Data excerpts
===
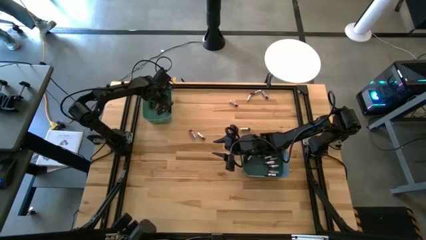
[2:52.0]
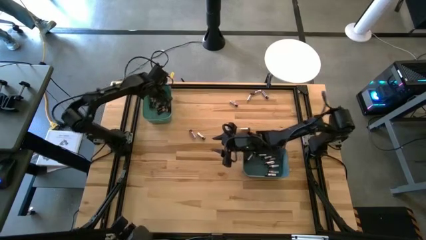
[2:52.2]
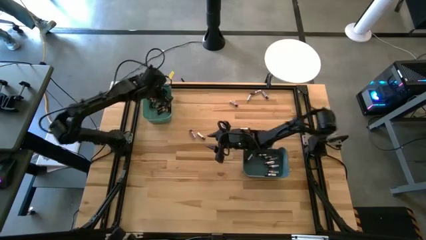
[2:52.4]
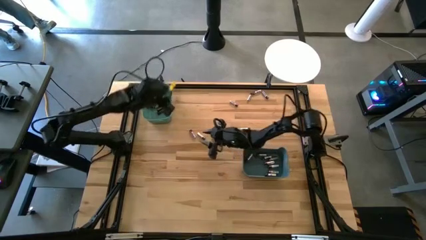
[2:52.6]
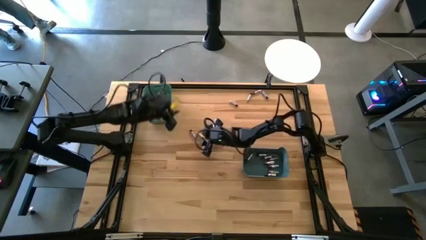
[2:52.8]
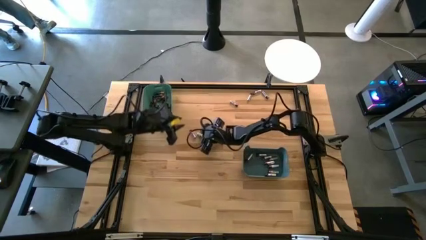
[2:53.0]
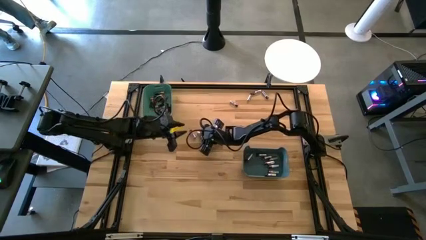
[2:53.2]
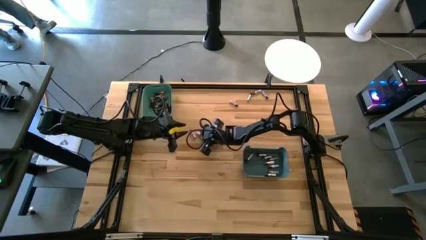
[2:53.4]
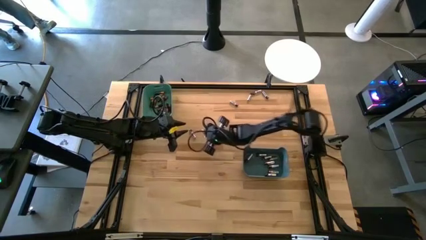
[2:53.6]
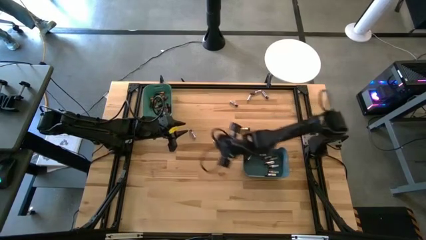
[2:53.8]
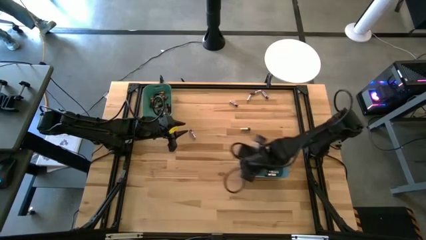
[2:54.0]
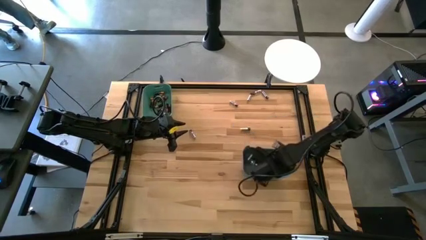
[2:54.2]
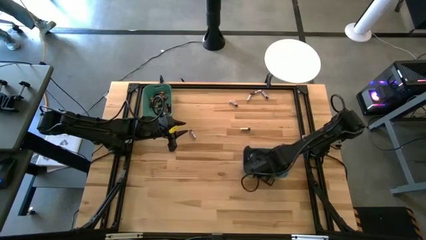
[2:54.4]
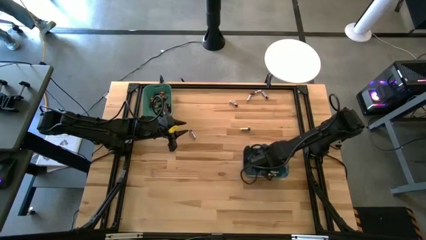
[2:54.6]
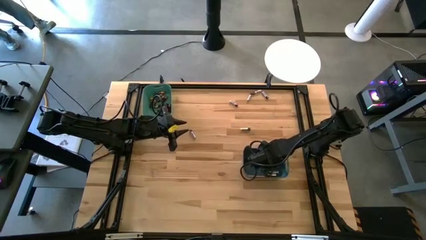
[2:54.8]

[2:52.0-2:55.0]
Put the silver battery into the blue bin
===
**YOUR OBJECTIVE:** Transcribe the records verbatim and omit the images.

**SOLVED EXERCISE:**
[2:52.0]
[2:52.2]
[2:52.4]
[2:52.6]
[2:52.8]
[2:53.0]
[2:53.2]
[2:53.4]
[2:53.6]
[2:53.8]
[2:54.0]
[2:54.2]
[2:54.4]
[2:54.6]
[2:54.8]

[2:52.0-2:55.0]
Put the silver battery into the blue bin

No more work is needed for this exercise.